Od poniedziałku w praktyce rusza Pętla Żuławska. W kolejnym etapie odmrażania sportu i turystyki od nowego tygodnia możliwe mają być aktywności na wodzie. To szansa dla wodniaków z Żuław, którzy w normalnej sytuacji sezon zaczęliby zaledwie tydzień wcześniej.
W ubiegłym roku z 303 kilometrów szlaków wodnych skorzystało 260 tysięcy turystów, w tym 15 tysięcy wodniaków. Jak mówi Krzysztof Czopek z urzędu marszałkowskiego, wiele wskazuje na to, że w tym roku będzie ich znowu więcej, bo firmy czarterowe mają niemal pełne grafiki.

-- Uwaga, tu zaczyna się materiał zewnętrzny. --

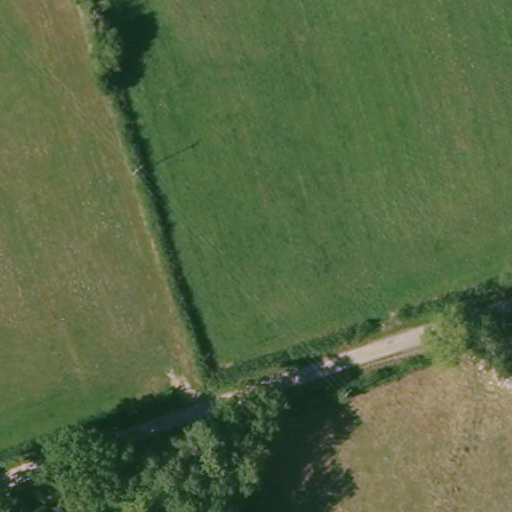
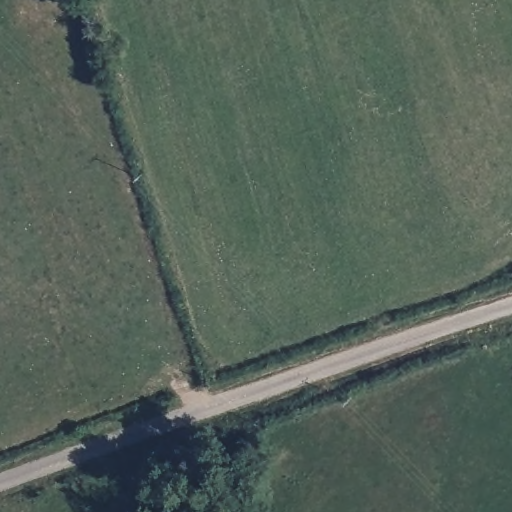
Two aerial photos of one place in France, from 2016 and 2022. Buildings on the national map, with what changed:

Dziś z rekreacyjnego pływania korzystać mogą jedynie rodziny. Od poniedziałku będzie łatwiej. – Przepisy, poza zasłanianiem twarzy i zachowaniem dystansu, nakazują ograniczenie liczby osób na przystani, ich weryfikacji i ograniczenia korzystania z infrastruktury tylko do WC. To pozwoli na funkcjonowanie pętli – mówią urzędnicy.
PLANY ROZBUDOWY
Dodajmy, że po pięciu latach od zakończenia projektu, miejscami dla wodniaków zarządzają gminy. Przystanie, częściowo z nowymi zarządcami, mają więc możliwość rozbudowana swojej oferty na przykład o kempingi i gastronomię.
Dziś pętla na 303 kilometrowym szlaku oferuje 335 miejsc postojowych. W ciągu dwóch lat przybędzie ich 430. Dopłynąć bez przeszkód można będzie między innymi Tugą do Nowego Dworu Gdańskiego. Profesjonalna przystań powstanie w Pucku.
(Fot. Radio Gdańsk/Sebastian Kwiatkowski)
OGRANICZENIA I UTRUDNIENIA
Przypomnijmy, że większość pływających po pętli houseboat’ów można wypożyczyć bez uprawnień. Od tego roku mapy i przewodniki po pętli będą będą dodatkowo zawierały informacje o ograniczeniach prędkości na szlakach wodnych.
Utrudnieniem dla pierwszych wodniaków mogą być natomiast godziny otwarcia śluz. Według obowiązujących przepisów w weekendy można będzie z nich skorzystać tylko po wcześniejszym, 12-godzinnym umówieniu.